For development dependencies:
pip install -e ".[dev]"
Train a Model
CUDA_VISIBLE_DEVICES=0,1,2,3 python scripts/tools/train.py \
--train_type seq \
--data_root_path /path/to/dataset \
--param_path /path/to/model \
--batch_size 4 \
--accumulation_steps 8 \
--max_lr 3e-4 \
--warmup_steps 1000 \
--n_epoch 1
Full reference at Parameter Guide.
Generate Text
python scripts/tools/generate.py \
--param_path /path/to/model \
--input_json_file /path/to/input.json \
--output_json_file /path/to/output.json
Docker
Build and run with Docker (recommended for GPU environments):
# Build image
docker build -t astrai:latest .
# Run with GPU support
docker run --gpus all -it astrai:latest
# Run with specific GPUs
docker run --gpus '"device=0,1"' -it astrai:latest
# Run inference server
docker run --gpus all -p 8000:8000 astrai:latest \
python -m scripts.tools.server --port 8000 --device cuda
# Run with volume mount for data
docker run --gpus all -v /path/to/data:/data -it astrai:latest
# Docker Compose (GPU, default)
docker compose up -d
# Docker Compose (CPU only)
docker compose --profile cpu up -d
Note:
--gpus allis required for CUDA support.

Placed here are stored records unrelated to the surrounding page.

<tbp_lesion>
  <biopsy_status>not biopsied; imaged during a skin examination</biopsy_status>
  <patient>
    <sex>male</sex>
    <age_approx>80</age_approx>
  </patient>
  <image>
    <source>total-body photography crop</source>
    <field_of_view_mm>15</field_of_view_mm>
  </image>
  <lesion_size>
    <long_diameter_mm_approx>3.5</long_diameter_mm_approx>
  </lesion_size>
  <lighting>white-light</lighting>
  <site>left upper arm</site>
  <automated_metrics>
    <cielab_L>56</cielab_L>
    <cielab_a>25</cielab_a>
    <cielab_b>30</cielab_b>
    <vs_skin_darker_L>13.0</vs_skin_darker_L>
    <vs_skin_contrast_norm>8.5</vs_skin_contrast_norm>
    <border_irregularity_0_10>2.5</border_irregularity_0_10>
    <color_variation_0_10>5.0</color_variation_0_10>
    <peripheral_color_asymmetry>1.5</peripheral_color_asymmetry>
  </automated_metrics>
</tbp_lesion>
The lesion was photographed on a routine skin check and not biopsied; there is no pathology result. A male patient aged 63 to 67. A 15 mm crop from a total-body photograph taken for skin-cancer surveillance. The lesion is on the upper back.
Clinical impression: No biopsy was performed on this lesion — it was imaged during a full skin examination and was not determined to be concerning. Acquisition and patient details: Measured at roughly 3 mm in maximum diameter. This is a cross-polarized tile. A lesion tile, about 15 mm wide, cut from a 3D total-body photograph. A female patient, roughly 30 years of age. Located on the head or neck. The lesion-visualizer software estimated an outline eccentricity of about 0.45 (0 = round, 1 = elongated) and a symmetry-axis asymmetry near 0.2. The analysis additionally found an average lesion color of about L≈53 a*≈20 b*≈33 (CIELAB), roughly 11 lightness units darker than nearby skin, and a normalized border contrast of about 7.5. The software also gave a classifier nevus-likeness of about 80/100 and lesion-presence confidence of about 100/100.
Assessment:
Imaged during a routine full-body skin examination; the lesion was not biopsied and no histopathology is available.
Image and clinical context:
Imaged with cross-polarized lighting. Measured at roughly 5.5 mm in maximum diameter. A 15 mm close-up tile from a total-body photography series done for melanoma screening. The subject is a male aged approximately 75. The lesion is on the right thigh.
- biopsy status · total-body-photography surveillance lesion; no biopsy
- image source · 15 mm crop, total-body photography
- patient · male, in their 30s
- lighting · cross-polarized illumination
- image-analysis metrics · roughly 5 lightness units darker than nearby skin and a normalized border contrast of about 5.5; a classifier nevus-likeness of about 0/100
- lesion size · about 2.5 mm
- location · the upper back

Without it,torch.cuda.is_available()will returnFalse.
Start HTTP Server
Start the inference server with OpenAI and Anthropic-compatible HTTP API:
python -m scripts.tools.server --port 8000 --device cuda
Make requests:
# OpenAI-compatible
curl -X POST http://localhost:8000/v1/chat/completions \
-H "Content-Type: application/json" \
-d '{
"messages": [{"role": "user", "content": "Hello"}],
"max_tokens": 512
}'
# OpenAI-compatible streaming
curl -X POST http://localhost:8000/v1/chat/completions \
-H "Content-Type: application/json" \
-d '{
"messages": [{"role": "user", "content": "Tell a story"}],
"stream": true,
"max_tokens": 500
}'
# Anthropic-compatible
curl -X POST http://localhost:8000/v1/messages \
-H "Content-Type: application/json" \
-d '{
"model": "astrai",
"system": "You are a helpful assistant.",
"messages": [{"role": "user", "content": "Hello"}],
"max_tokens": 512
}'
# Anthropic-compatible streaming with stop sequences
curl -X POST http://localhost:8000/v1/messages \
-H "Content-Type: application/json" \
-d '{
"model": "astrai",
"messages": [{"role": "user", "content": "Write a story"}],
"max_tokens": 500,
"stream": true,
"stop_sequences": ["The end"]
}'
# Health check
curl http://localhost:8000/health
Demo
Check out the demos in the scripts/demo/ folder:
# Download pre‑processed data (required before running demos)
python scripts/demo/download.py
# Interactive streaming chat
python scripts/demo/stream_chat.py
# Batch generation
python scripts/demo/generate_batch.py
# Auto‑regressive generation
python scripts/demo/generate_ar.py
Watch a video walkthrough on bilibili.
Documentation
| Document | Description |
|---|---|
| Parameter Guide | Training & inference parameters |
| Design Document | Framework architecture & module design |
| Data Flow | Data processing pipeline details |
| Model Introduction | Model architecture & technical details |
Contributing
We welcome contributions! Please see our Contributing Guidelines for details.
- Fork the repository.
- Create a feature branch.
- Commit your changes.
- Open a Pull Request.
For major changes, please open an issue first to discuss what you would like to change.
Community
- GitHub Issues: Issue Tracker
- Discussions: GitHub Discussions
- HuggingFace: Model Hub
License
This project is licensed under the GPL-3.0 License.
A lightweight Transformer framework designed for both high performance and ease of use.